A mobilização do capital político é limitada. Acho certo vir primeiro a Previdência, que tem mais impacto fiscal. Mas depois do fiscal, sou muito favorável a virem as reformas institucionais. O México conseguiu estabilidade macroeconômica, mas com abertura econômica muito radical, com privatização plena. Abriu muito a economia com o Nafta (acordo de livre comércio entre EUA, Canadá e México), e o crescimento não foi tanto. Não que eu seja contra a abertura comercial, mas, na hora de usar o capital político, que é escasso, a reforma tributária é mais importante.
Mais importante do que a abertura comercial, um dos pontos da agenda liberal defendida pelo ministro Paulo Guedes?
O ambiente de negócios no Brasil está muito mal. Depois de tanto esforço com a Lei de Falências (Aloisio Araujo foi um dos autores, em 2005) , ainda estamos na média da América Latina. Na área tributária, nem se fala, estamos piores que todo mundo. De 196 países, somos o 190º (de acordo com relatório Doing Business, do Banco Mundial). A Índia fez reforma tributária, lei de falências e avançou não sei quantas posições. O sistema tributário brasileiro é uma confusão que atrapalha a vida das empresas e toda a economia. Outra reforma importante é a do Judiciário. Para acelerar os processos, inclusive para a Lei de Falências. Onde há vara especializada, o processo de recuperação é mais rápido, e a retomada do crédito é maior.
E se a reforma da Previdência não passar?
Acho que vai passar, mesmo desidratada. O presidente já entendeu que é importante. Vem falando sistematicamente. Paulo Guedes se mostrou um político muito bom. Acho que as chances de passar são muito boas. A maioria dos países tem idade mínima. É uma agenda brasileira, há melhores formas de usar esses recursos do que usar em aposentadorias precoces: fazer metrô, investir em educação infantil. Se a reforma não sair, a situação fiscal vai se deteriorar.
Reformas demandam muito capital político.

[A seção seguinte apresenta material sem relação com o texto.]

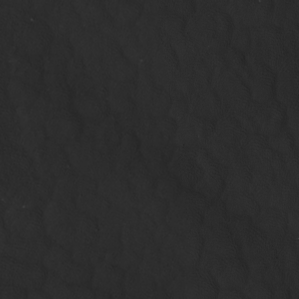
Label: non_frost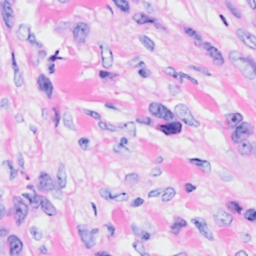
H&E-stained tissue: Breast
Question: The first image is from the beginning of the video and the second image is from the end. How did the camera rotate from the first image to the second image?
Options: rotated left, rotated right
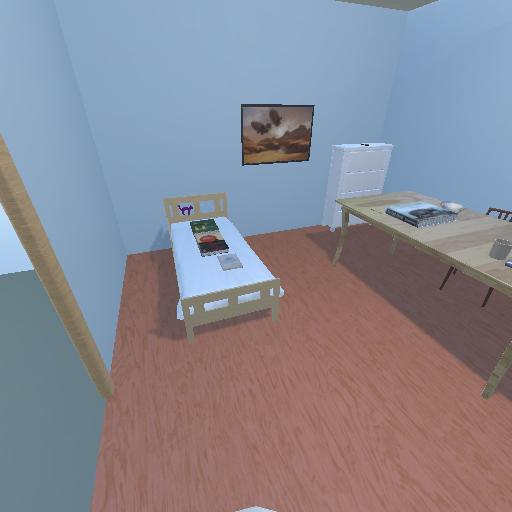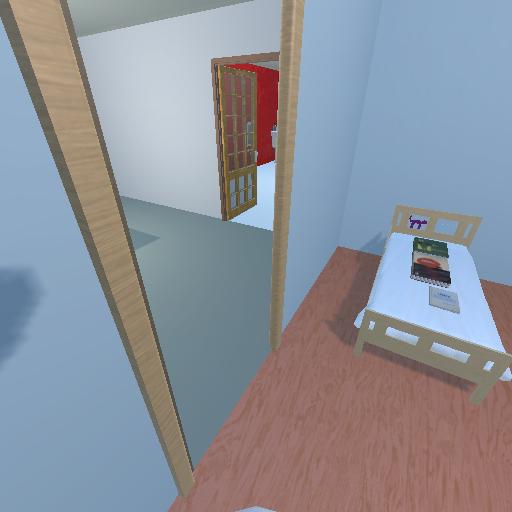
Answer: rotated left

Por isso, eu acho que (o governo) tem de aproveitar o capital político para fazer a reforma da Previdência. Esse capital pode até crescer se o governo tiver êxito na economia. Ajuda ter a situação fiscal melhor para fazer a reforma tributária, porque todo mundo fica com medo de que vai vir aumento de carga. Pode fazer uma reforma tributária fatiada. Primeiro no Imposto de Renda. Muitos países estão tributando lucros e dividendos. A Índia conseguiu fazer, gente! Eles são 1,6 bilhão, e nós somos 200 milhões.
Por que o senhor menciona a Índia?
Era um sistema tributário muito mais complexo. Os caminhões ficavam numa fila entre um estado e outro por causa dos impostos estaduais. Teve impacto positivo. A Índia está crescendo mais que a China, e isso tem a ver com as reformas. As concessões (na área de infraestrutura) também são importantes, podem ajudar o crescimento. Gosto da privatização do saneamento, que envolve regulação federal bem feita. Isso pode trazer investimento a curto e médio prazos e aumentar o crescimento.
O senhor tem conversado com o ministro Paulo Guedes. Deu sugestões para a crise dos estados?
Falei com outras pessoas sobre minha visão. Temos que fazer um Proer (programa de ajuste no sistema bancário implantado no governo Fernando Henrique) para o saneamento. Quando houve o Proer, os bancos estaduais eram um horror: Banespa, Banerj. Uma má alocação dos recursos públicos infernal. Você incorporou esses bancos, e a maioria desapareceu, o que foi uma grande coisa. Pode dar um pouco mais de auxílio financeiro para os estados que privatizarem ou fizerem concessões na área de saneamento. Hoje gastamos muito com saneamento e somos ineficientes. É uma vergonha. Eu defendo fazer isso não para maximizar valor de venda, mas para ter subsídios cruzados, de cobertura, índice de universalização. Há doenças que estão voltando, isso piora a saúde e o desenvolvimento do capital humano.